What is the conclusion of the hypothesis test? Were you able to reject the null hypothesis?

What kinds of fields were women most unrepresented? Most overrepresented? Would these misrepresentations significantly skew your results?

Part Three: Survey Data/Construct Your Own Hypothesis Test

In 2013 students from a Statistics class at FSEV UK were asked to survey their friends who were 15-30 years old, in order to explore the interests of young people.

The survey has a variety of questions, which are detailed in the Survey Key. For example, the column header “Music” is short for the question “I enjoy listening to music” and is rated 1-5, where 1 represents strongly disagree and 5 represents strongly agree.

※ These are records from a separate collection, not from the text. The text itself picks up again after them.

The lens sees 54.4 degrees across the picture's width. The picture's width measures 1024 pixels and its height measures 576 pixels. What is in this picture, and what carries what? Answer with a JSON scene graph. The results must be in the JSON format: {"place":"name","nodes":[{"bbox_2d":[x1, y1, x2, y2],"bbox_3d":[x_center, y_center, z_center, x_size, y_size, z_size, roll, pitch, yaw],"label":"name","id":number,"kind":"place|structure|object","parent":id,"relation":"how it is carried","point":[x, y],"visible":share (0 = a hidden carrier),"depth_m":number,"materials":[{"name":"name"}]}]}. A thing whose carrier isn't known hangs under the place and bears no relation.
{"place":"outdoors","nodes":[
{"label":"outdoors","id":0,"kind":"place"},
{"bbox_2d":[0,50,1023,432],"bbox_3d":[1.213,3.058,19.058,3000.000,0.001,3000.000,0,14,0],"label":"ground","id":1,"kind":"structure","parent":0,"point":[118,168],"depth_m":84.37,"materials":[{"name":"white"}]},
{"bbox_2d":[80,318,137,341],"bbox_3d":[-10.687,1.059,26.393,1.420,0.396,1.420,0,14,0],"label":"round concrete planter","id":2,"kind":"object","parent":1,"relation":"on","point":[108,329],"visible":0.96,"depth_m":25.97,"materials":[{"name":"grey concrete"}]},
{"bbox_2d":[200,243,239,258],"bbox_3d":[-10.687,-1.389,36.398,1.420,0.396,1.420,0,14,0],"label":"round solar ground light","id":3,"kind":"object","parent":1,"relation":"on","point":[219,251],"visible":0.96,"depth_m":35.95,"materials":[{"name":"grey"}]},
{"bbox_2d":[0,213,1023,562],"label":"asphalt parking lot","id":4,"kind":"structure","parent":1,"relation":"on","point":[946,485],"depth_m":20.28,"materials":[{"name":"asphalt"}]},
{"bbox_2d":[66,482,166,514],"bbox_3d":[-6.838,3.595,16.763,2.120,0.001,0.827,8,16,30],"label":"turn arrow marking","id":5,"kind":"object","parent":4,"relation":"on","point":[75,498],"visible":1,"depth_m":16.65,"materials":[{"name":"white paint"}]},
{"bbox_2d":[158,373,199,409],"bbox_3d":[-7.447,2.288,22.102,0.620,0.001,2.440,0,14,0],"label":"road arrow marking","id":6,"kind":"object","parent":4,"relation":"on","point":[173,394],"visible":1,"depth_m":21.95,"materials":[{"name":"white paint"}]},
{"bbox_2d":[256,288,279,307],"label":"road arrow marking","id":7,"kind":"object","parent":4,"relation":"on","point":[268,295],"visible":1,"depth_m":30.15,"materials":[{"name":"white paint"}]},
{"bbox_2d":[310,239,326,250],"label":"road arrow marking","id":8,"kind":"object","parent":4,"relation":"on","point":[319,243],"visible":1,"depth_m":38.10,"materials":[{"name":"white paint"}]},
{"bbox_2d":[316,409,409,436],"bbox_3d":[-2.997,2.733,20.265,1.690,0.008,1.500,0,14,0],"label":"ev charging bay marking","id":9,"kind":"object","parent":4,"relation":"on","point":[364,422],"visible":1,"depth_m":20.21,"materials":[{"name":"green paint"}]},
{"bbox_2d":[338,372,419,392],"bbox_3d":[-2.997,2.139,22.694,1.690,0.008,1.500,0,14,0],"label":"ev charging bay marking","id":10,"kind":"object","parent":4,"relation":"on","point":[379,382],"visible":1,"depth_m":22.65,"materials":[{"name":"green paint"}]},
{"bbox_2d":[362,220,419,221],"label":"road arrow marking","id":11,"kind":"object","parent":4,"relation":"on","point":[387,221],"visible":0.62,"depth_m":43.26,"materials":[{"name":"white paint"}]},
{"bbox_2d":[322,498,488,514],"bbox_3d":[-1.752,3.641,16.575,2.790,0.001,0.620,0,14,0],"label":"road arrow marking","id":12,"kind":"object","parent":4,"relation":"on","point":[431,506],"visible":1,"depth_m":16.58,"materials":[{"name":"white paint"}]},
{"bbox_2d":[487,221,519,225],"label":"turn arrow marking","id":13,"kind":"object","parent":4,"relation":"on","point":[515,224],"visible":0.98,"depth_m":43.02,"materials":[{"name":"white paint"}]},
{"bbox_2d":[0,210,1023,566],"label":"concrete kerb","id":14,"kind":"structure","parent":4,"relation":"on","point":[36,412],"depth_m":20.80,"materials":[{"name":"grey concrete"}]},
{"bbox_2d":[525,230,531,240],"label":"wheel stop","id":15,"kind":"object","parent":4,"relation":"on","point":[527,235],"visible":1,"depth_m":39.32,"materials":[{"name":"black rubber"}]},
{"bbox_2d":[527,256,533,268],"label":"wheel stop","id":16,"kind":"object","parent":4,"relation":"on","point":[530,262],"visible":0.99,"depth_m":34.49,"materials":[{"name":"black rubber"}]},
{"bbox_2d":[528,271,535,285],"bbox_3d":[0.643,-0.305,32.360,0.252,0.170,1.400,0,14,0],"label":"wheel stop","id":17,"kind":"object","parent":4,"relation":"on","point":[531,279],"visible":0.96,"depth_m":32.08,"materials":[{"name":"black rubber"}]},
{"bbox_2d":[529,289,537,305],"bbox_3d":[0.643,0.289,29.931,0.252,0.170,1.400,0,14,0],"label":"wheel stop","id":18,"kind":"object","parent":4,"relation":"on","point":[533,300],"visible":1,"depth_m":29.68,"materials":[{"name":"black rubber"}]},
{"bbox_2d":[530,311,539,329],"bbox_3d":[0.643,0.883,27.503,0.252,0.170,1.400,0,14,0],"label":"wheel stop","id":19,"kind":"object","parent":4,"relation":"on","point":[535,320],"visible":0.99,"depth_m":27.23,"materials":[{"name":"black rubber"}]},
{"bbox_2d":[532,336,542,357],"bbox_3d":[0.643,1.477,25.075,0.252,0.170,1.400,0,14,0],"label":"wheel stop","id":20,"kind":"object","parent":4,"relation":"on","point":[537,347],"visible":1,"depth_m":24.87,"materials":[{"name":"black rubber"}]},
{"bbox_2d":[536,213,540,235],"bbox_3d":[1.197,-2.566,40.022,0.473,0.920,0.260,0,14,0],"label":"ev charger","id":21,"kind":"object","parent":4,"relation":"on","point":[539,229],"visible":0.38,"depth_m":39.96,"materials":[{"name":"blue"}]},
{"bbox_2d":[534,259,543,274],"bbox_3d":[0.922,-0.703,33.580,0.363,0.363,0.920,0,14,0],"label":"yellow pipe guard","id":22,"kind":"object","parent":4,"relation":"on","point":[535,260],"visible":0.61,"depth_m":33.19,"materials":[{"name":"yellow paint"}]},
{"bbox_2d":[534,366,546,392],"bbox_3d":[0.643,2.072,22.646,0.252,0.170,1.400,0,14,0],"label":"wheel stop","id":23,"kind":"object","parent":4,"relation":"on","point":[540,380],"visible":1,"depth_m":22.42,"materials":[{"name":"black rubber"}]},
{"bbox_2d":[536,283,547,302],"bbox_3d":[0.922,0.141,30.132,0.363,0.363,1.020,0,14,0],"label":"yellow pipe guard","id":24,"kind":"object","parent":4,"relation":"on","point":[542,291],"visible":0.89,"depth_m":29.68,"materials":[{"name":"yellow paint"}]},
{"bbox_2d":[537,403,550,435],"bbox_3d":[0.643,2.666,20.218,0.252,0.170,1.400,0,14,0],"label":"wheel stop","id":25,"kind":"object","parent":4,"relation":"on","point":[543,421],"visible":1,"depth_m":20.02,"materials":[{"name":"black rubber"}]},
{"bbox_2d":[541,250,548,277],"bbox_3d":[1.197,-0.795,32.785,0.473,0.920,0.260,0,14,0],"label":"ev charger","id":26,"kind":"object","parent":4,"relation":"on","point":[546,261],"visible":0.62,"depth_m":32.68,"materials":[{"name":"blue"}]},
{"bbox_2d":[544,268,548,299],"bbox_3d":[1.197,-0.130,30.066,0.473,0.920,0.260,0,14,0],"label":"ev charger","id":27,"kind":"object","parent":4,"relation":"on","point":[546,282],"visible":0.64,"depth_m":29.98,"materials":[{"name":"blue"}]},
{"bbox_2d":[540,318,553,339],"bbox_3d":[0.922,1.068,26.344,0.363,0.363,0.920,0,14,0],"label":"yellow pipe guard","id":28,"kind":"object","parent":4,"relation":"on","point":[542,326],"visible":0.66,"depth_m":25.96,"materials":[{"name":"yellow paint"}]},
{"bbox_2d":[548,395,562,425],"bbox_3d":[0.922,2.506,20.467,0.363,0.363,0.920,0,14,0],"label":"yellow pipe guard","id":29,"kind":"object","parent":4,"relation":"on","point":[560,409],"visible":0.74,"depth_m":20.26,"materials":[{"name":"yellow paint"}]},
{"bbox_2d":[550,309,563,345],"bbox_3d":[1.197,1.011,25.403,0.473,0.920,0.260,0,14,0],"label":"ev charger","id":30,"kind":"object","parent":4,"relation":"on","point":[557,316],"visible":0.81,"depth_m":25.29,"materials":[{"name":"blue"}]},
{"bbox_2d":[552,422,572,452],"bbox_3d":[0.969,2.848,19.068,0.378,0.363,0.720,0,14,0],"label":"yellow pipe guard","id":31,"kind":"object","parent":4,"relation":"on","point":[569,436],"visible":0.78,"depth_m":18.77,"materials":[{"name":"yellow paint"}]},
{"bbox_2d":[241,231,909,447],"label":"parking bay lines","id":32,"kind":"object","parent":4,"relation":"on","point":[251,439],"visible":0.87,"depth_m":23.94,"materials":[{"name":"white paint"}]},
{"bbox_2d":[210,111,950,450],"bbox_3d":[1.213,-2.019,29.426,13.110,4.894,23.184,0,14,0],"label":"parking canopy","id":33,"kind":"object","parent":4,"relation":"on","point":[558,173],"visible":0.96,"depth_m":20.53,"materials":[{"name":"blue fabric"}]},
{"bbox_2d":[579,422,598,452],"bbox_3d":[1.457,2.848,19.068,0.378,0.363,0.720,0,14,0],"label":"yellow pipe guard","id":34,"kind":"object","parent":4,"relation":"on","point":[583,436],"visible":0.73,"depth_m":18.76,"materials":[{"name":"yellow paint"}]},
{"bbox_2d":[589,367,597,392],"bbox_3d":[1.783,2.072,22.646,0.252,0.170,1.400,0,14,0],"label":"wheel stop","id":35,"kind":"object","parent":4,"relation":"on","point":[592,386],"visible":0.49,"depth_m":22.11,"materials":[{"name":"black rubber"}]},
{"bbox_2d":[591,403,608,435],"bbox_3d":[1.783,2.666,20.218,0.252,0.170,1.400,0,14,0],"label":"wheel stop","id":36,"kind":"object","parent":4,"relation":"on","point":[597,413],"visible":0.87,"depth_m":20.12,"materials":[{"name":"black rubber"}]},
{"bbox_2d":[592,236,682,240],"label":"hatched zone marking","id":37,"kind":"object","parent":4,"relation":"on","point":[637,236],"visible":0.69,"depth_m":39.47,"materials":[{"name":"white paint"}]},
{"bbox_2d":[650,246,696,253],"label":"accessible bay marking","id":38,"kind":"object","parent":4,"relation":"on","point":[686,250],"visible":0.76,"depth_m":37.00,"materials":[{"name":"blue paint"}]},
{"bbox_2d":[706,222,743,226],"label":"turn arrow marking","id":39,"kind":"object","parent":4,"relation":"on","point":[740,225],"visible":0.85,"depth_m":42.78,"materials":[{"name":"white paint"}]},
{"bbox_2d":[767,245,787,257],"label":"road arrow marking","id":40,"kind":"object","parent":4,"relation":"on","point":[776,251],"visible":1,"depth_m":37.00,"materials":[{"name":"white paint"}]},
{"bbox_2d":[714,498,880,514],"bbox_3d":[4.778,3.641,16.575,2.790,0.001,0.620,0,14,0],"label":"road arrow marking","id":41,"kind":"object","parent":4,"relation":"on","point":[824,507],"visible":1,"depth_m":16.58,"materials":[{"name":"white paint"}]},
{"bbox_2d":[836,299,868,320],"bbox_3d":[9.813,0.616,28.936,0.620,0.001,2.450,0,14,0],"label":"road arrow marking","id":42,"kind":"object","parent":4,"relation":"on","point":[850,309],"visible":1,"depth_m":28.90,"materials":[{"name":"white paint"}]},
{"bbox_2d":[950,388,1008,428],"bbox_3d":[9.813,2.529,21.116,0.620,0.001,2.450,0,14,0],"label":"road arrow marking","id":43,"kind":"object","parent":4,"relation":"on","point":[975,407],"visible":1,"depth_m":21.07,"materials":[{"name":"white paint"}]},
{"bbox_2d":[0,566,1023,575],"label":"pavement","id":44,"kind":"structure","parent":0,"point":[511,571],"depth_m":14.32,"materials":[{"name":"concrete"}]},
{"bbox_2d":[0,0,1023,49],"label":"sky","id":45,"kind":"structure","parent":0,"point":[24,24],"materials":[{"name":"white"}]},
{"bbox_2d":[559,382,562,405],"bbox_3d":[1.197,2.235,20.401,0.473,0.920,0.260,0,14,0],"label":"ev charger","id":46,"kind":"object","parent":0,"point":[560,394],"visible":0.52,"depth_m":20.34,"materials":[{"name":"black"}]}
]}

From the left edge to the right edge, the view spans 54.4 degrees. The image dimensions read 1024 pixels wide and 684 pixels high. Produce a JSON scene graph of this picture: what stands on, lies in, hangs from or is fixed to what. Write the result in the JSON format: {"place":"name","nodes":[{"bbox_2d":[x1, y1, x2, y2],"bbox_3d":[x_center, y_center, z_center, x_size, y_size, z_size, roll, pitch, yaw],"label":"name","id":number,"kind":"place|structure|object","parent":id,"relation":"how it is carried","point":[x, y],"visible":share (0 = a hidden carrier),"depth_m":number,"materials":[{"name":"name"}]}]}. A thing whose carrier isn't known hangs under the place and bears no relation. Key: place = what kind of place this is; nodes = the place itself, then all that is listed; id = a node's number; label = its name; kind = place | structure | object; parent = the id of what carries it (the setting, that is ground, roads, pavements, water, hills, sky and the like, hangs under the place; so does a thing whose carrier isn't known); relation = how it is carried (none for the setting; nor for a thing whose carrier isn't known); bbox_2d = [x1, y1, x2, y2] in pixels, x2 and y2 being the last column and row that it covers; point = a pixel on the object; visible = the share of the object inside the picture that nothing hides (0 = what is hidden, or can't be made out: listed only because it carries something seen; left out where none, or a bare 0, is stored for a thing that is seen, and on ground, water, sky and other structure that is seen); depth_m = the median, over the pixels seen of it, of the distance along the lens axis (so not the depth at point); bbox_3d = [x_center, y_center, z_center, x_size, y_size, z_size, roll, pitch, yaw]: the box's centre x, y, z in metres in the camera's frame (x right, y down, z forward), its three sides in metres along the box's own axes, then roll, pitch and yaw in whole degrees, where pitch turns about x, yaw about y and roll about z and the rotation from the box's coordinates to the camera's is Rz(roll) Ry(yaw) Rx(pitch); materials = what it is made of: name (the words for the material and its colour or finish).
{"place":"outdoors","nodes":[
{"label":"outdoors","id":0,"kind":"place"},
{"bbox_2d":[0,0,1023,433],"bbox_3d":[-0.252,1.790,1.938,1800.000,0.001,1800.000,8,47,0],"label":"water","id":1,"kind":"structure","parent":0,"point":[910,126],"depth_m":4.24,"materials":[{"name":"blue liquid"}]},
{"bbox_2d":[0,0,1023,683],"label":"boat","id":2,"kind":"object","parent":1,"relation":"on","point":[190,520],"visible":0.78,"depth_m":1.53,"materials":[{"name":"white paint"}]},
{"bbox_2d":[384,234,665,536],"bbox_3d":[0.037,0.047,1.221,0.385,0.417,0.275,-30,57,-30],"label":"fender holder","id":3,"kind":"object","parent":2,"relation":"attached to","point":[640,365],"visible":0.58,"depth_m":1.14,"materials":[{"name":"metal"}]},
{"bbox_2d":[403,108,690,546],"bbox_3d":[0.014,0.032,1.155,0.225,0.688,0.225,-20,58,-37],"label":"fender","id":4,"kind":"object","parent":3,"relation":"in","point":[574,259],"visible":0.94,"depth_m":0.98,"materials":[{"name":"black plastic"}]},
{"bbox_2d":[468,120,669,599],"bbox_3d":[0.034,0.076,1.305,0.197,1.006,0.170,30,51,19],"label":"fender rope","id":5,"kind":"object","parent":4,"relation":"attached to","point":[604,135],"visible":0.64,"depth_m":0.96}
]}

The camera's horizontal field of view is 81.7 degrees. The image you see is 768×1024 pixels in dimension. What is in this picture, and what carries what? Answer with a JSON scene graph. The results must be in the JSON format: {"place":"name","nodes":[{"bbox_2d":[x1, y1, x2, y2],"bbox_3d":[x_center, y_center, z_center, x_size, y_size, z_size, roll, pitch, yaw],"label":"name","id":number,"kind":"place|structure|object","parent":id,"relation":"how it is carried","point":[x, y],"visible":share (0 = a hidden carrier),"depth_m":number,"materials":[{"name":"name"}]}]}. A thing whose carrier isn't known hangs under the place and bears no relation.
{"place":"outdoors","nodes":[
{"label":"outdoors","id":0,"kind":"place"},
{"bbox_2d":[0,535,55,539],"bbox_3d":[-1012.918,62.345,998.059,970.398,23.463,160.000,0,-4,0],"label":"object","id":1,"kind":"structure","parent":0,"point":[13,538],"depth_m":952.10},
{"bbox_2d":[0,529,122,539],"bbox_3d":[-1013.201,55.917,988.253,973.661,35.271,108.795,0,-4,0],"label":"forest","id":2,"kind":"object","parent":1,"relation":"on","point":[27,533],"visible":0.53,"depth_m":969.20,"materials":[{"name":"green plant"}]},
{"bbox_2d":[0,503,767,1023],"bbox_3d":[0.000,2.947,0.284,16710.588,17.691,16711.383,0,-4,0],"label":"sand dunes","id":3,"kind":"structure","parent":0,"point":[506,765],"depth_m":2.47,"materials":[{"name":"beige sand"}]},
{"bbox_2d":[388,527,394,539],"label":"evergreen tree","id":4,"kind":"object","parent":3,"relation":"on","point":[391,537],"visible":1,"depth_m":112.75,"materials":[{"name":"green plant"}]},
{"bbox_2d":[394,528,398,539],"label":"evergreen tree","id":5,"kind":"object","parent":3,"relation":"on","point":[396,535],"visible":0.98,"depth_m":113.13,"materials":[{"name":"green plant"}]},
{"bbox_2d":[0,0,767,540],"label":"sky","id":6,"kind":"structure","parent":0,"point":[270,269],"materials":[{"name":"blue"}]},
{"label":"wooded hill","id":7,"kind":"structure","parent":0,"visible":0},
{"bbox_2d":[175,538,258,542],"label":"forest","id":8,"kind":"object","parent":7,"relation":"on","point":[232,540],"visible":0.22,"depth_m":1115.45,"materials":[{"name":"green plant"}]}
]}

There is also some categorical data present as well. Survey participants record their gender, how often they smoke/drink, their internet usage, and education (just to name a few!). Please perform a hypothesis test based on one of the categorical variables and one survey question. For example, you could choose to prove the following: Survey participants who identify as an “only child” enjoy meeting new people (Survey score ).

Here is an example: people who are right-handed (as identified in the data set) enjoy listening to music. Please be sure to use two columns for your test—one that identifies your participants and one that provides a rating.

Performing the Test

Step 1: Write the null hypothesis/alternative hypotheses below for the hypothesis test you would like to carry out based on the data. Determine the tail type. Also include your desired confidence level.

:

Step 2: Create a new tab and take the data you’re interested in studying (so only two columns), so you have plenty of space to make calculations.

Step 3: Perform the hypothesis test. You’ll need to do something similar to what you did in the other parts, with one major difference. Since you’re performing a test on a sampling distribution, you’ll need to use the T-Statistic.

Analysis of Results:

Provide a paragraph that describes your test. What were your null/alternative hypotheses? Were you able to reject the null hypothesis. What was the p-value associated with your test?

In terms of this sampling distribution, what population does it represent? All young people ages 15-30? Or some other population? Explain why.